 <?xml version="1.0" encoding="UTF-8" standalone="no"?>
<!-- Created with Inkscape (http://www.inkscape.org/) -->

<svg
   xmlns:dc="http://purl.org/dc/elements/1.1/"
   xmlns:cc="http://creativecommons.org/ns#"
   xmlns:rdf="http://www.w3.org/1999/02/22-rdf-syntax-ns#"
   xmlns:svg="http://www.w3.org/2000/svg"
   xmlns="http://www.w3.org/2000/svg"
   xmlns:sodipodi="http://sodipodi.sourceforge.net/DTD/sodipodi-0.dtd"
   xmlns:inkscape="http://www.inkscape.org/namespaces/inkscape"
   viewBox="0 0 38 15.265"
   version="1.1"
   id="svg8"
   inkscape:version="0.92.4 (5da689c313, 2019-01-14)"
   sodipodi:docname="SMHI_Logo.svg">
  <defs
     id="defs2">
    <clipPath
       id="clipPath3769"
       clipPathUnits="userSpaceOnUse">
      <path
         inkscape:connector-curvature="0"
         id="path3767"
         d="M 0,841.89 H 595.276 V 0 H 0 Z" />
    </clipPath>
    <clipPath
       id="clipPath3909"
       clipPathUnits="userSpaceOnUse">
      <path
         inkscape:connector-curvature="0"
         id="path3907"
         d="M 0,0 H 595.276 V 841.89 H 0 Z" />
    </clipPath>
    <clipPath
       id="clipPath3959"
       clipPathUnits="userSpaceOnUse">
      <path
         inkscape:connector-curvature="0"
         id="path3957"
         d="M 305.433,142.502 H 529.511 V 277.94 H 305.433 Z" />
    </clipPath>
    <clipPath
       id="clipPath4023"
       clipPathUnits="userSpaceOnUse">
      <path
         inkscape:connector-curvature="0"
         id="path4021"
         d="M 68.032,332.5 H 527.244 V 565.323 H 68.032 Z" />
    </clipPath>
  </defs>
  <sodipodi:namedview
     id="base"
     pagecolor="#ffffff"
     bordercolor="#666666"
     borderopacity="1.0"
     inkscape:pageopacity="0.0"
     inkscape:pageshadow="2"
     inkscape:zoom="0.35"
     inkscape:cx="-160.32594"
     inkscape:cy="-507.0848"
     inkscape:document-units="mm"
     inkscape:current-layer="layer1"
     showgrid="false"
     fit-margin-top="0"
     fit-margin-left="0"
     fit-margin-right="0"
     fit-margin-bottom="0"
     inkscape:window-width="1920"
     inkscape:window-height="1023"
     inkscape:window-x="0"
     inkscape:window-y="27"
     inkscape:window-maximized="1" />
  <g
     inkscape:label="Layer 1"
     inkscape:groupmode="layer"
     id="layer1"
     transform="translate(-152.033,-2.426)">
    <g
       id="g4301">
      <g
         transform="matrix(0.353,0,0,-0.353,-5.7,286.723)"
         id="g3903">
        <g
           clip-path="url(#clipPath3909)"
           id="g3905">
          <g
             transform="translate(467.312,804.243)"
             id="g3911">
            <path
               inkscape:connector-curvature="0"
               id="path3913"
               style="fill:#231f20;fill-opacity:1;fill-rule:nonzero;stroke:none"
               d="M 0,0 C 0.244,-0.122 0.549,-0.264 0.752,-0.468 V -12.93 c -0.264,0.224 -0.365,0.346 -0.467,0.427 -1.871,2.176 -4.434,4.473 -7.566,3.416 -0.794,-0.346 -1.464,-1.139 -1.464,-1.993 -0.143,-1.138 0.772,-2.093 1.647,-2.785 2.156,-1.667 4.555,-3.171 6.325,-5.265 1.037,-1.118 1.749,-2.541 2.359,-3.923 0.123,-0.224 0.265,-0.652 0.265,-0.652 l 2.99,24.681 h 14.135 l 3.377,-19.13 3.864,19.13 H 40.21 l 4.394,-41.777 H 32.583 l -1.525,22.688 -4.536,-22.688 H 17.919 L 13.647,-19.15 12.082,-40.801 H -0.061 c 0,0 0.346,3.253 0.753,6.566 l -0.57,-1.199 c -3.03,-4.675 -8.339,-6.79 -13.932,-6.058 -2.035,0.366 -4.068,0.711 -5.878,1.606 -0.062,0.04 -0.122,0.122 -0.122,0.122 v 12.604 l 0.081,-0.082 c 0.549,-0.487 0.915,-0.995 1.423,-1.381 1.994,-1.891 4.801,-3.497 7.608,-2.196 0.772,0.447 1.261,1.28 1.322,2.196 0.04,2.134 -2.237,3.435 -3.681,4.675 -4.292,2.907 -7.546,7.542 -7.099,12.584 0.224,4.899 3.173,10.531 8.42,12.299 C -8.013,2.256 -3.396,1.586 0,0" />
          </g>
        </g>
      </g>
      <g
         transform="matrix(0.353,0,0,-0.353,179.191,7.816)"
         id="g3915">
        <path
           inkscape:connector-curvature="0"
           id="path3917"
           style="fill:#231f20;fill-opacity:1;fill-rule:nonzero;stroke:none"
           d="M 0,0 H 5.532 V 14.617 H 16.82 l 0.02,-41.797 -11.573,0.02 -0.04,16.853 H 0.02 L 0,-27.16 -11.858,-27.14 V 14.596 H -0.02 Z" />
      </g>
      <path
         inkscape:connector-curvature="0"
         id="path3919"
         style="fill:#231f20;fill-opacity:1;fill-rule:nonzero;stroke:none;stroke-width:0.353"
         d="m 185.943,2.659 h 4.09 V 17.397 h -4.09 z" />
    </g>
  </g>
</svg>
━━━━━━━━
> **What the exercise asks**
Show all lines above holding "none".

> **Written answer**
               style="fill:#231f20;fill-opacity:1;fill-rule:nonzero;stroke:none"
           style="fill:#231f20;fill-opacity:1;fill-rule:nonzero;stroke:none"
         style="fill:#231f20;fill-opacity:1;fill-rule:nonzero;stroke:none;stroke-width:0.353"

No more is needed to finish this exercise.